Why Clark became indispensable was easy to understand:

  • He had the aptitude to understand and master his area and the attitude to make the time and focus to expand his competence. Over the decades it propelled him to excellence.

  • Since he was the best, he was the first one called to handle the impossible jobs. Each experience made him an even better choice to handle the next challenge. The experience curve.

  • As his abilities and influence increased, the company's strategic choices wrt new products, processes, and production increasingly tilted toward his competencies and passions.

The net result was that Clark slid into being indispensable to the ongoing operation which was fine tuned to his 24/7 presence.

The HR guru's advice?

  • Start by disabusing yourself of expecting to replace the person. Clark is a one of a kind, created by decades of experience in an operation increasingly tailored to his capabilities.

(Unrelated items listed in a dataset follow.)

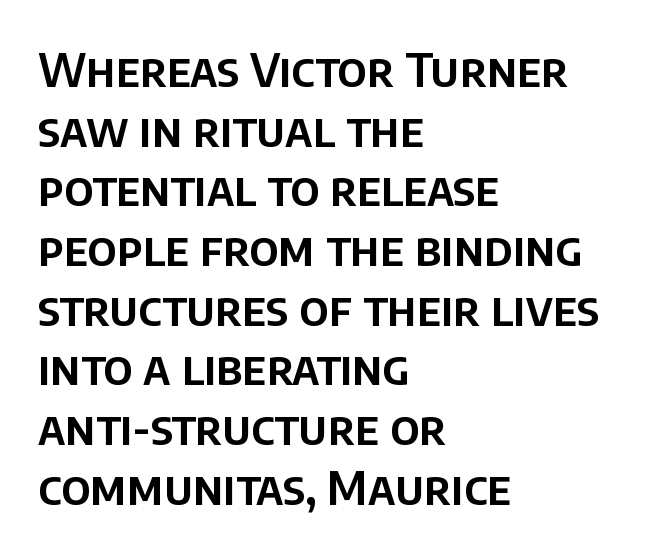
Q: Is the text italic (slanted)? A: No, it is upright.
Q: Is the typeface a serif or a sans-serif typeface? A: Sans-serif.
Q: Is the text underlined? A: No.
Q: How is the paragraph aligned? A: Left-aligned.
Q: Is the spacing between letters normal or unusually wide? A: Normal.
Q: Is the spacing between lines tight, normal or loose? A: Normal.
Q: Width (condensed, normal, or wide)? A: Normal.
Q: Stroke contrast? A: Low.
Q: x-height? A: Large.
Q: Monospaced? A: No.

  • Identify the areas that Clark didn't have the competence or passion to impact. Highlight value a new hire could bring to the table. (Expertise in ERP, social media, additive mfg., etc.)

  • Accept some things will be unsustainable without Clark. (Focus your short term process improvement on those areas.)

  • Enhance your organizational processes as part of the transition to ensure that reliable operations never again depends on a single individual. (Coaching, training, and delegation.)

  • Hire attitude, aptitude, and new value-adding expertise. Accept that he will get the job done based on his passions and competence. He won't do the job the way Clark would but if you hired right, he'll get it done and then some.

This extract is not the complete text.